Stratiform zinc-copper massive-sulfide deposits at Al Masane occur in thin dolomitic interbeds within Proterozoic felsic crystal tuff and mafic flows and volcaniclastics. These strata dip steeply westward and are underlain by shale and shaly graywacke to the east and overlain by lapilli crystal tuff to the west. This section is part of the Habawnah fold or mineral belt that extends from the Wadi Wassat area southward into Yemen. Western parts of the Habawnah fold belt, including the Al Masane area, are characterized by a bimodal assemblage of of phenocryst-poor basalts and sodic rhyolite crystal tuff, and by zinc-copper mineral deposits. Strata in the eastern part of the belt, mostly east of the Ashara fault zone, contain abundant phenocryst-rich mafic volcanic rocks, little felsic crystal tuff, and barren or locally nickeliferous massive pyrite deposits.

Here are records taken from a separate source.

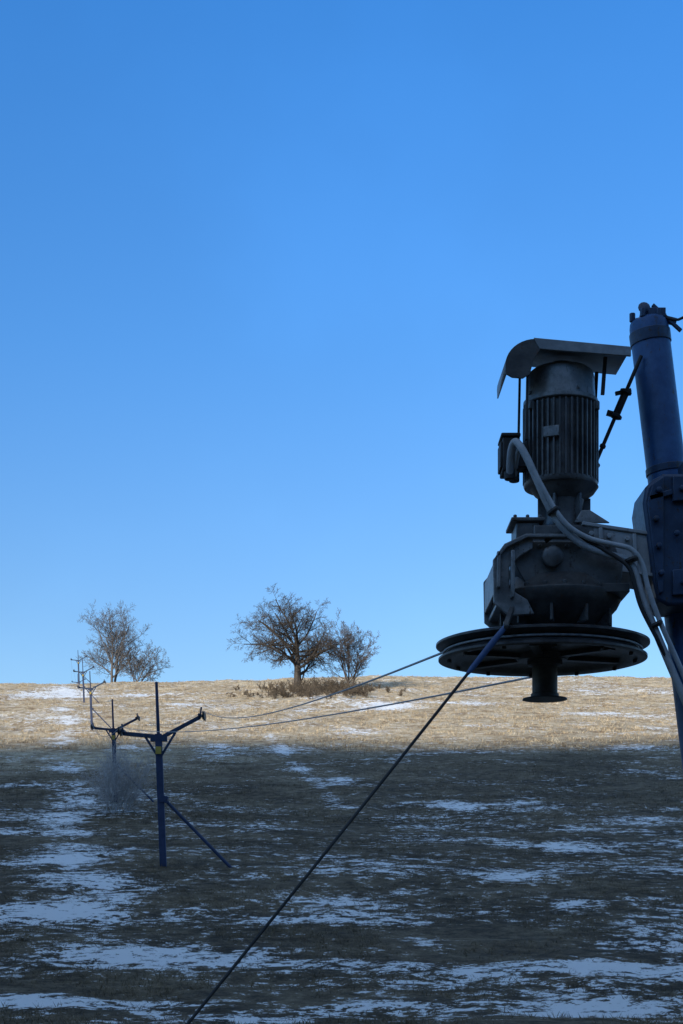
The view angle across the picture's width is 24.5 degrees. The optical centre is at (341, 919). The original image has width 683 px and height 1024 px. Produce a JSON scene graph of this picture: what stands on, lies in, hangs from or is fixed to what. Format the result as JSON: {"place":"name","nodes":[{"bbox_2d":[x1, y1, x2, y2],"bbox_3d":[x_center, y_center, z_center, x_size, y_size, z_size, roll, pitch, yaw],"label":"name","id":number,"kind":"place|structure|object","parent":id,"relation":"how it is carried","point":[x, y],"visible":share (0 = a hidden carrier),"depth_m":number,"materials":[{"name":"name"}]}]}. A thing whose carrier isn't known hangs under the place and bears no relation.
{"place":"outdoors","nodes":[
{"label":"outdoors","id":0,"kind":"place"},
{"bbox_2d":[0,675,682,1023],"bbox_3d":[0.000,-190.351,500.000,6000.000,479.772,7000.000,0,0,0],"label":"ground","id":1,"kind":"structure","parent":0,"point":[181,947],"depth_m":49.71,"materials":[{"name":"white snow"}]},
{"bbox_2d":[71,656,91,684],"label":"ski lift tower","id":2,"kind":"structure","parent":1,"relation":"on","point":[78,660],"depth_m":249.92,"materials":[{"name":"metal"}]},
{"bbox_2d":[73,659,98,702],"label":"ski lift tower","id":3,"kind":"structure","parent":1,"relation":"on","point":[82,674],"depth_m":195.92,"materials":[{"name":"metal"}]},
{"bbox_2d":[77,671,110,729],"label":"ski lift tower","id":4,"kind":"structure","parent":1,"relation":"on","point":[90,689],"depth_m":145.92,"materials":[{"name":"metal"}]},
{"bbox_2d":[76,600,153,682],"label":"bare tree","id":5,"kind":"object","parent":1,"relation":"on","point":[109,649],"visible":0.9,"depth_m":276.03,"materials":[{"name":"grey plant"}]},
{"bbox_2d":[90,699,153,801],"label":"ski lift tower","id":6,"kind":"structure","parent":1,"relation":"on","point":[112,730],"depth_m":83.95,"materials":[{"name":"metal"}]},
{"bbox_2d":[74,738,174,812],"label":"frosted shrub","id":7,"kind":"object","parent":1,"relation":"on","point":[114,788],"visible":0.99,"depth_m":73.95,"materials":[{"name":"grey plant"}]},
{"bbox_2d":[112,638,173,681],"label":"bare tree","id":8,"kind":"object","parent":1,"relation":"on","point":[139,661],"visible":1,"depth_m":271.23,"materials":[{"name":"plant"}]},
{"bbox_2d":[118,682,232,867],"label":"ski lift tower","id":9,"kind":"structure","parent":1,"relation":"on","point":[158,738],"depth_m":46.92,"materials":[{"name":"blue metal"}]},
{"bbox_2d":[226,583,360,684],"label":"oak tree","id":10,"kind":"object","parent":1,"relation":"on","point":[306,658],"visible":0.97,"depth_m":218.93,"materials":[{"name":"brown plant"}]},
{"bbox_2d":[226,675,405,698],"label":"dry scrub","id":11,"kind":"object","parent":1,"relation":"on","point":[308,690],"visible":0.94,"depth_m":207.99,"materials":[{"name":"brown plant"}]},
{"bbox_2d":[0,674,679,751],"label":"dry meadow grass","id":12,"kind":"structure","parent":1,"relation":"on","point":[392,720],"depth_m":161.20,"materials":[{"name":"beige plant"}]},
{"bbox_2d":[300,609,379,686],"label":"bare tree","id":13,"kind":"object","parent":1,"relation":"on","point":[347,647],"visible":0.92,"depth_m":220.61,"materials":[{"name":"brown plant"}]},
{"bbox_2d":[0,733,682,823],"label":"meadow grass","id":14,"kind":"structure","parent":1,"relation":"on","point":[350,773],"depth_m":94.35,"materials":[{"name":"brown plant"}]},
{"bbox_2d":[629,302,682,768],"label":"lift support mast","id":15,"kind":"object","parent":1,"relation":"on","point":[657,515],"visible":0.98,"depth_m":9.01,"materials":[{"name":"blue metal"}]},
{"bbox_2d":[436,338,682,704],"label":"ski lift drive unit","id":16,"kind":"object","parent":15,"relation":"on","point":[564,562],"visible":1,"depth_m":8.80,"materials":[{"name":"paint"}]},
{"bbox_2d":[186,625,505,1023],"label":"guy rope","id":17,"kind":"object","parent":16,"relation":"attached to","point":[490,645],"visible":1,"depth_m":8.12,"materials":[{"name":"black metal"}]},
{"bbox_2d":[71,633,642,736],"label":"haul rope","id":18,"kind":"object","parent":16,"relation":"attached to","point":[529,634],"visible":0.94,"depth_m":11.54,"materials":[{"name":"metal"}]},
{"bbox_2d":[0,0,682,683],"label":"sky","id":19,"kind":"structure","parent":0,"point":[271,271],"materials":[{"name":"blue"}]}
]}

Stratified rocks and gabbro sills of the Al Masane area were isoclinally folded and metamorphosed to the greenschist facies. Structural analysis indicates that foliation, lineation, joints, major and minor folds, and one of three sets of faults formed during a single east-west compressional deformational episode. Axial-plane foliation dips steeply westward and is usually coincident with bedding. Lineation plunges steeply to the northwest throughout the map area and is parallel to the intersection of joints of two major sets and to the intersection of these joints with foliation. Major folds have north-trending, gently plunging axes to which the axis of a minor fold set is essentially parallel. A second minor fold-set has a steeply plunging axis parallel to lineation. The Saadah massive-sulfide body is elongated by a fold of this system.

Unmetamorphosed Proterozoic felsic sills, quartz monzonite and gabbro plutons, porphyritic diorite dikes, mafic dikes, and basalt dikes, in that apparent order, have intruded the stratified section. Basalt dikes are offset by southwestward-dipping reverse faults and by faults parallel to bedding.

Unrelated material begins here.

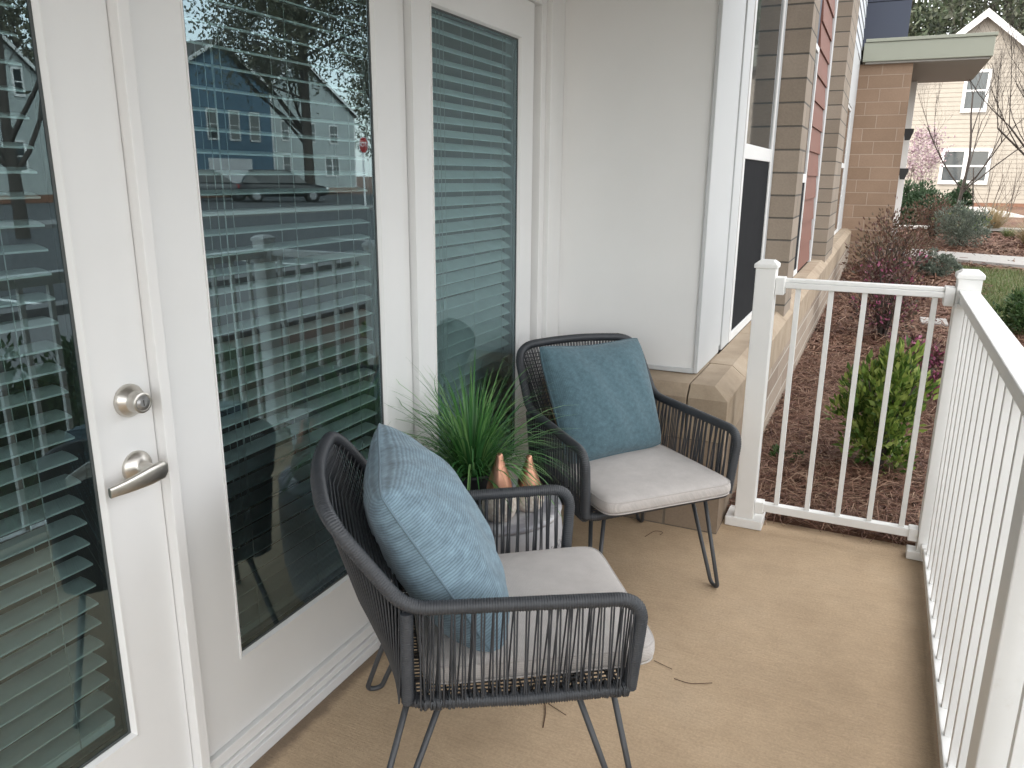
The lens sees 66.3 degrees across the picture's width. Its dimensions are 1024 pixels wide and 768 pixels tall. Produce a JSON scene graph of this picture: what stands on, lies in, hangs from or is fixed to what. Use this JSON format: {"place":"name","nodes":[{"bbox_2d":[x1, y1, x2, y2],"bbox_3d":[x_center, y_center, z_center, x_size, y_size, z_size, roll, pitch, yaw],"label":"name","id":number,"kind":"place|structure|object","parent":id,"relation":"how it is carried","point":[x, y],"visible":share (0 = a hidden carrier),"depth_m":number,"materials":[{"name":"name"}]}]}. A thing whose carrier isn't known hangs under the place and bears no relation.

Malachite and metal-oxide-bearing gossans in the Al Masane area were mined in ancient times. Radiocarbon dating of charcoal in slag indicates that the ores were smelted about 1,200 years ago. Gossans are depleted in copper, silver, and zinc, relative to underlying sulfide, by factors of about 0.33, 0.2, and 0.08, respectively. Evaluation of numerous analyses of gossans, carbonates, and silicate rocks indicates that exploration for zinc-copper massive-sulfide deposits in the region should center on detailed geochemical studies of dolomitic beds.

Dolomitization of host siliceous shales and tuffs and the formation of the massive-sulfide bodies at Al Masane probably caused by submarine fumarolic hydrothermal activity during periods of relative volcanic quiescence. Further work in the Al Masane region should include a study of the dolomitized areas and a search for other potential alteration "pipe" products (e.g. chlorite) as a guide to location of proximal deposits.

Zinc-copper deposits at Al Masane and in the Dhahar-Al Hajrah and Kutam-Farah Garan areas have characteristics in common and are associated with felsic volcanic centers in the western bimodal part of the Habawnah mineral belt. They probably have parallel origins related to sea-floor volcanism. Deposits at Al Masane and Dhahar-Al Hajrah are possibly in the same general stratigraphic interval. Characteristics and distribution of altered rocks at Kutam suggest that the observed structural control of mineralization may represent remobilization.

Chemical characteristics of volcanic rocks at Al Masane and elsewhere, along with features such as zinc-copper-iron sulfide mineralization, rhyolite-basalt bimodality, and the quartz phenocryst-rich nature of the felsic rocks, are compatible with an unusually primitive tholeiitic island-arc origin for the strata and mineral deposits of the Habawnah mineral belt.